Polymorphisms of interleukin-10 genes on the risk of ischemic stroke in a meta-analysis

Guo-Ting Yin 1, Yi-Tong Ma 1, Ying-Ying Zheng 1, Yi-Ning Yang 1, Xiao-Mei Li 1, Zhen-Yan Fu 1, Jing-Zhan Zhang 1, Chuan-Fang Dai 1, Fen Liu 1, Bang-Dang Chen 1, Min-Tao Gai 1, Xiang Xie 1
PMCID: PMC4402764  PMID: 25932117

Abstract

Background: Previous studies have investigated the associations between polymorphisms of interleukin-10 (IL-10) gene and risk of ischemic stroke (IS). However, the results were inconsistent. The aim of this study was to clarify the relationship between IL-10 polymorphisms and IS risk by a meta-analysis approach. Methods: The meta-analysis was performed by searching PubMed and Wanfang databases. Odds ratio (OR) and corresponding 95% confidence interval (95% CI) as well as effect size were calculated by a fixed or random-effect model according to the I2 value. In total, five case-control studies for IL10-1082G/A and four studies for IL10-819C/T were included in this meta-analysis. Results: Combined analysis indicated that IL10-1082G/A polymorphism was associated with risk of IS (A/A vs. G/G+G/A: OR = 1.82, 95% CI = 1.21-2.74, P = 0.004; for A allele vs. G allele: OR = 1.55, 95% CI = 1.14-2.10, P = 0.006). However, there was no significant association between IL10-819C/T polymorphism and IS in any comparison model (C/C vs. T/C+T/T: OR = 0.96, 95% CI = 0.69-1.36, P = 0.84; C allele vs. T allele: OR = 1.00, 95% CI = 0.83-1.21, P = 0.97). Conclusions: Our results indicated that IL-10-1082G/A polymorphism, but not IL10-819C/T polymorphism was associated with the risk of IS.
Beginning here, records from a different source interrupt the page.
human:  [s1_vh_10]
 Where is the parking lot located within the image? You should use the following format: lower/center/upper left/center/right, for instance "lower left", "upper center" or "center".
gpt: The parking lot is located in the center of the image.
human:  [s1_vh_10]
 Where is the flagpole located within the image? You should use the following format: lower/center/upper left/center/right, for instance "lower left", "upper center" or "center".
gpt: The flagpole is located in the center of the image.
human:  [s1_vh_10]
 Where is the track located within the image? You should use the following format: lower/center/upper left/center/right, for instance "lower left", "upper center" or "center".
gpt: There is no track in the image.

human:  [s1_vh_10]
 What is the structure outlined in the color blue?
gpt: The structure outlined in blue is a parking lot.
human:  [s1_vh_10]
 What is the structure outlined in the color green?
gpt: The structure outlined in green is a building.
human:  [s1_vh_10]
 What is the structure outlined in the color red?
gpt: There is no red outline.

Keywords: Interleukin-10 genes, polymorphisms, ischemic stroke, meta-analysis

Introduction

Stroke is one of the leading causes of morbidity and mortality worldwide [1-3]. The most common subtype is ischemic stroke, which caused by an occluding thrombus of a cerebral artery. There are sorts of risk factors for stroke, such as old age, high blood pressure, diabetes, high plasma cholesterol, and smoking [4]. Previous studies indicated that the inflammatory cytokines and the genetic polymorphism in the genes encoding the inflammatory mediators play a significant role in the development and progression of ischemic stroke (IS) [5,6]. Studies revealed that besides pro-inflammatory processes also anti-inflammatory play an important role in the pathogenesis of IS [7-10].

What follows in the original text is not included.